Consider the case of credit scoring algorithms. In the United States, the Equal Credit Opportunity Act already prohibits discrimination on the basis of race, colour, religion, national origin, sex, marital status, or age. Lenders are required to maintain records and provide explanations for adverse actions. This outcome-focused framework has been effective without mandating independent audits of the underlying models. Similarly, in Australia, the Australian Securities and Investments Commission (ASIC) oversees responsible lending practices through regular reviews and enforcement actions, not by auditing every algorithm. These examples demonstrate that accountability can be achieved without the heavy-handed intervention of independent audits.

Another concern is the potential for audits to become a bureaucratic exercise that stifles innovation. The process of preparing for an audit diverts engineering talent from improving the algorithm to documenting its behaviour. This administrative burden slows the pace of development and discourages experimentation. In fields like healthcare and autonomous vehicles, where algorithms can save lives, such delays are not merely inconvenient—they are deadly. The cost of caution must be weighed against the cost of inaction.
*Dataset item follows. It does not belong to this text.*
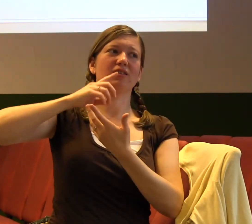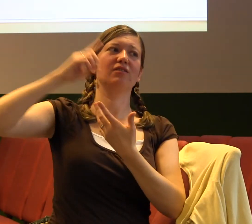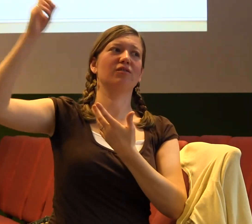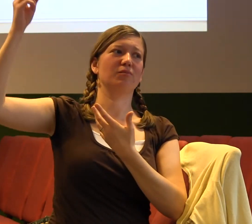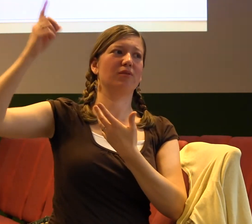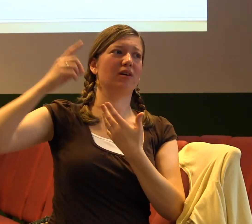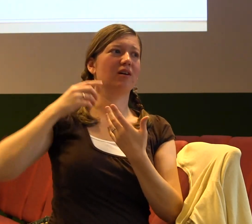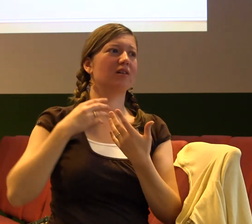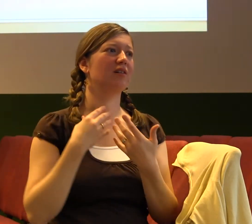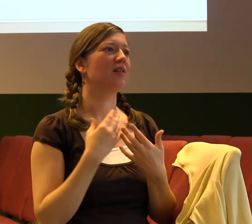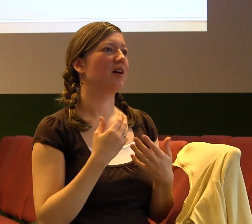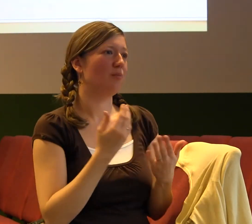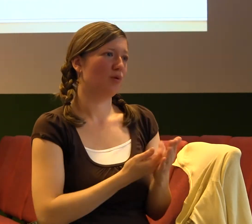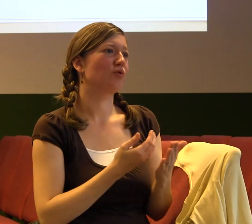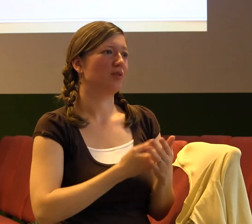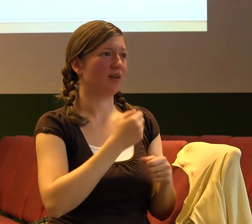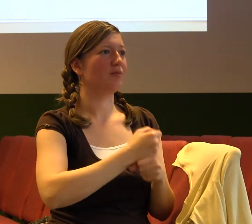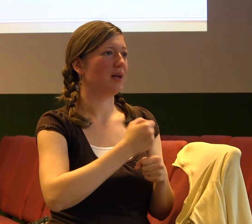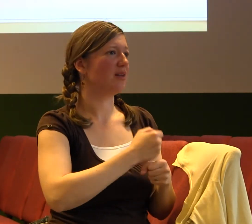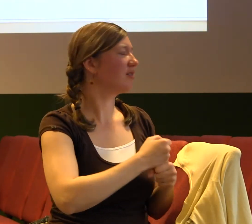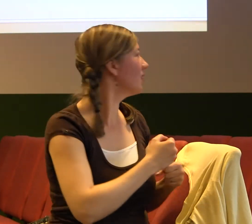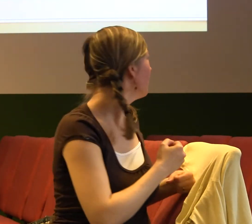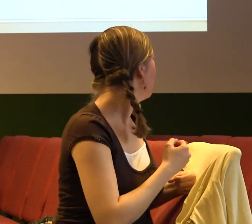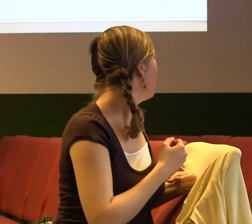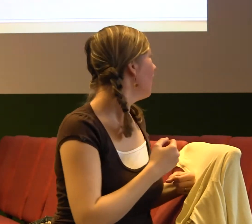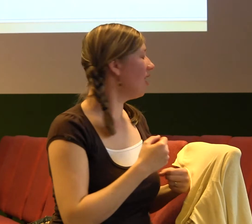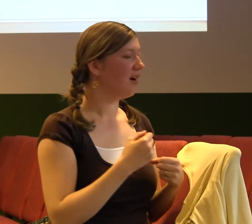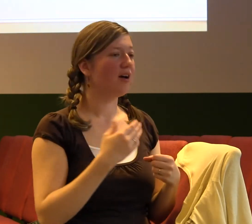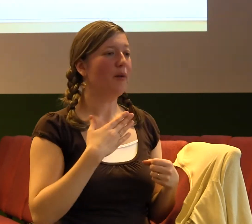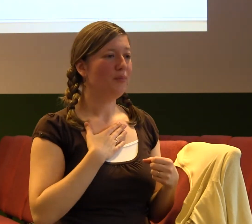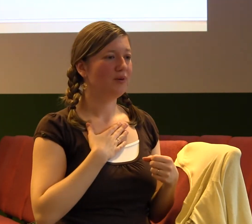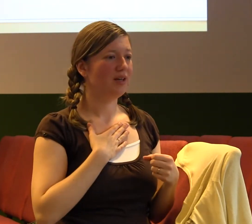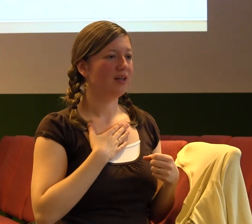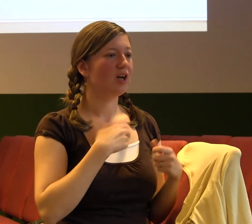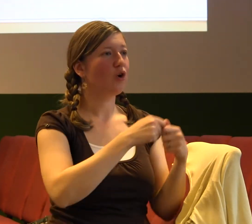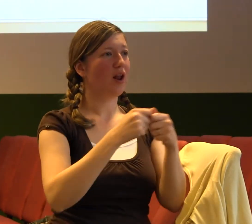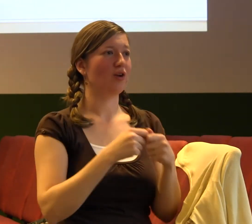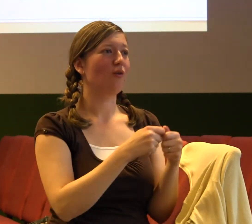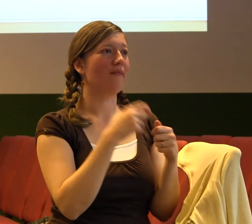Třetí, vědí mi kolegové nebo spolužáci o tom, že jsem křesťan, pokud jsem křesťan.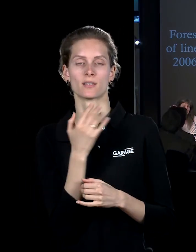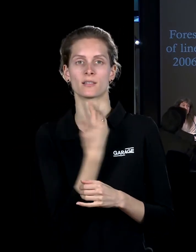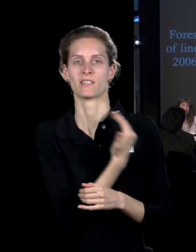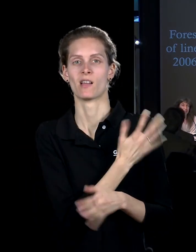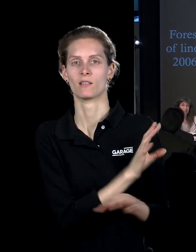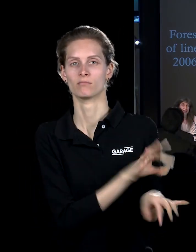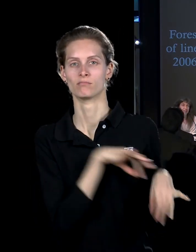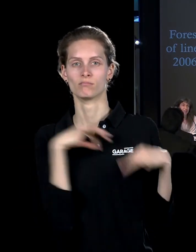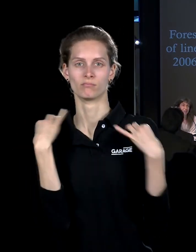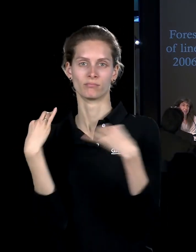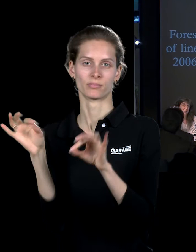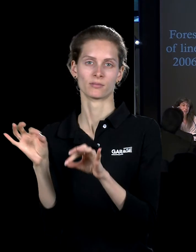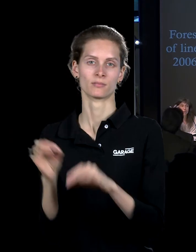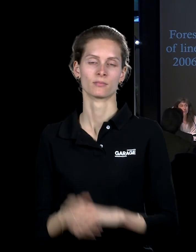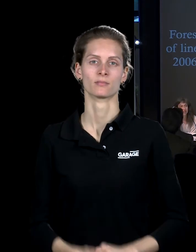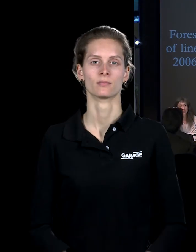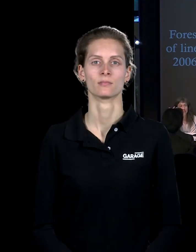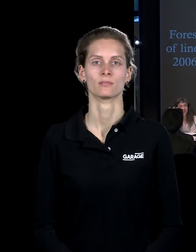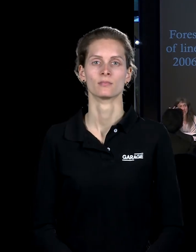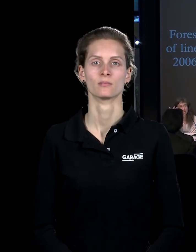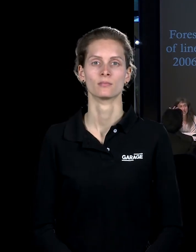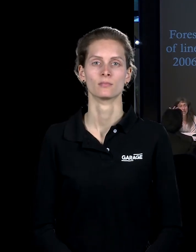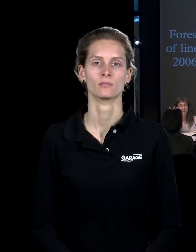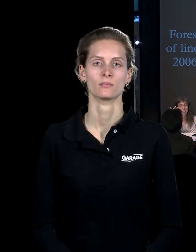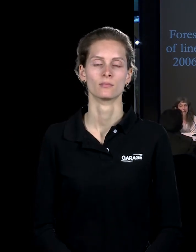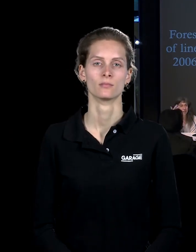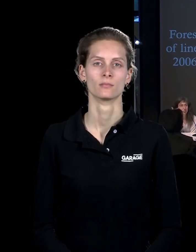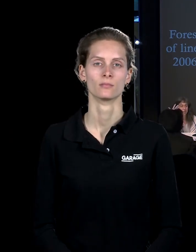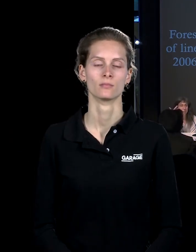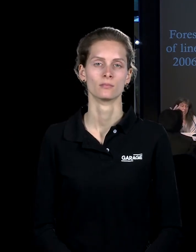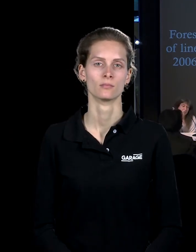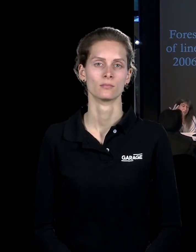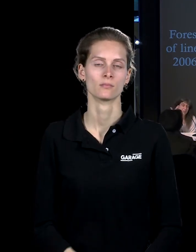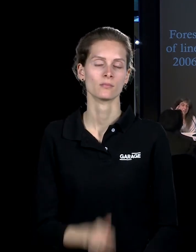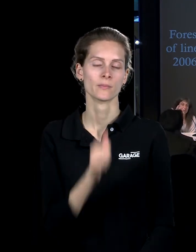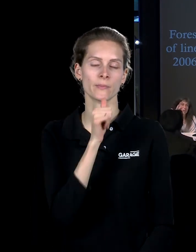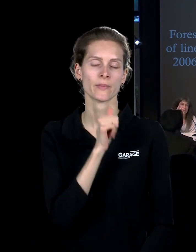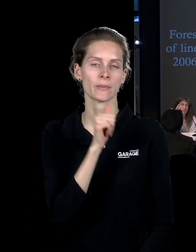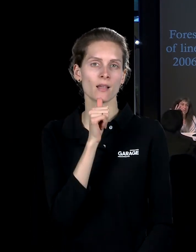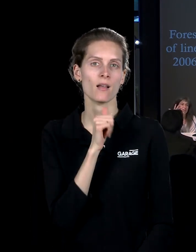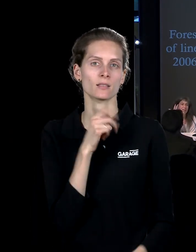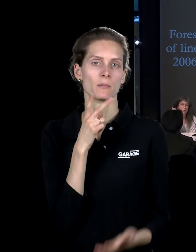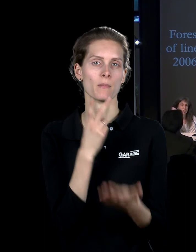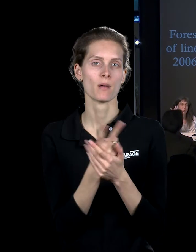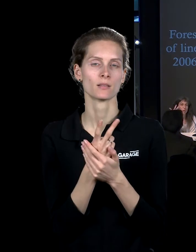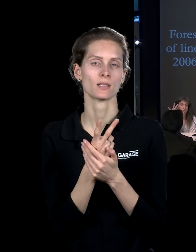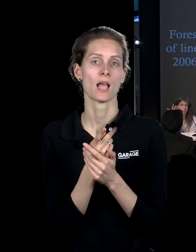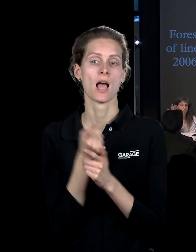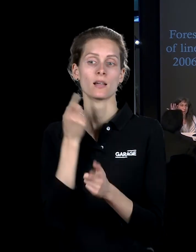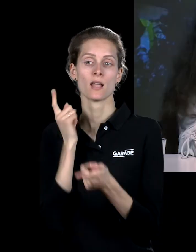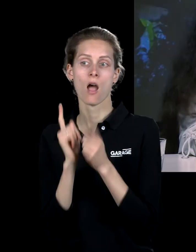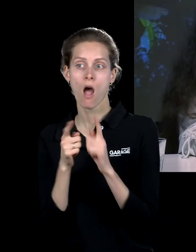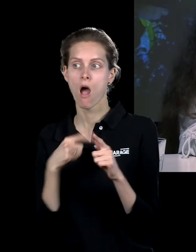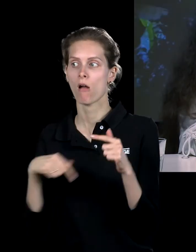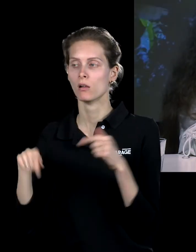Берлина, и холодной войны, например, попытаясь, действительно показать, как одна реальность проступает

Finally, the push for independent audits often ignores the role of human judgment in algorithmic systems. Algorithms do not operate in a vacuum; they are embedded in social and organisational contexts that shape their use. An audit that examines the algorithm in isolation may miss the ways in which human operators override, misinterpret, or selectively apply its outputs. True accountability requires examining the entire socio-technical system, not just the code. This is a far more complex undertaking than any audit can provide.

In conclusion, while the desire for algorithmic accountability is laudable, independent audits are a flawed instrument. They offer the illusion of transparency without genuine insight, impose disproportionate costs on smaller players, and risk creating a false sense of security. A more effective approach lies in outcome-based regulation, internal accountability mechanisms, and a recognition that algorithms are part of broader systems that require holistic oversight. We must resist the seductive simplicity of the audit and embrace the messy, ongoing work of building fair and responsible technology.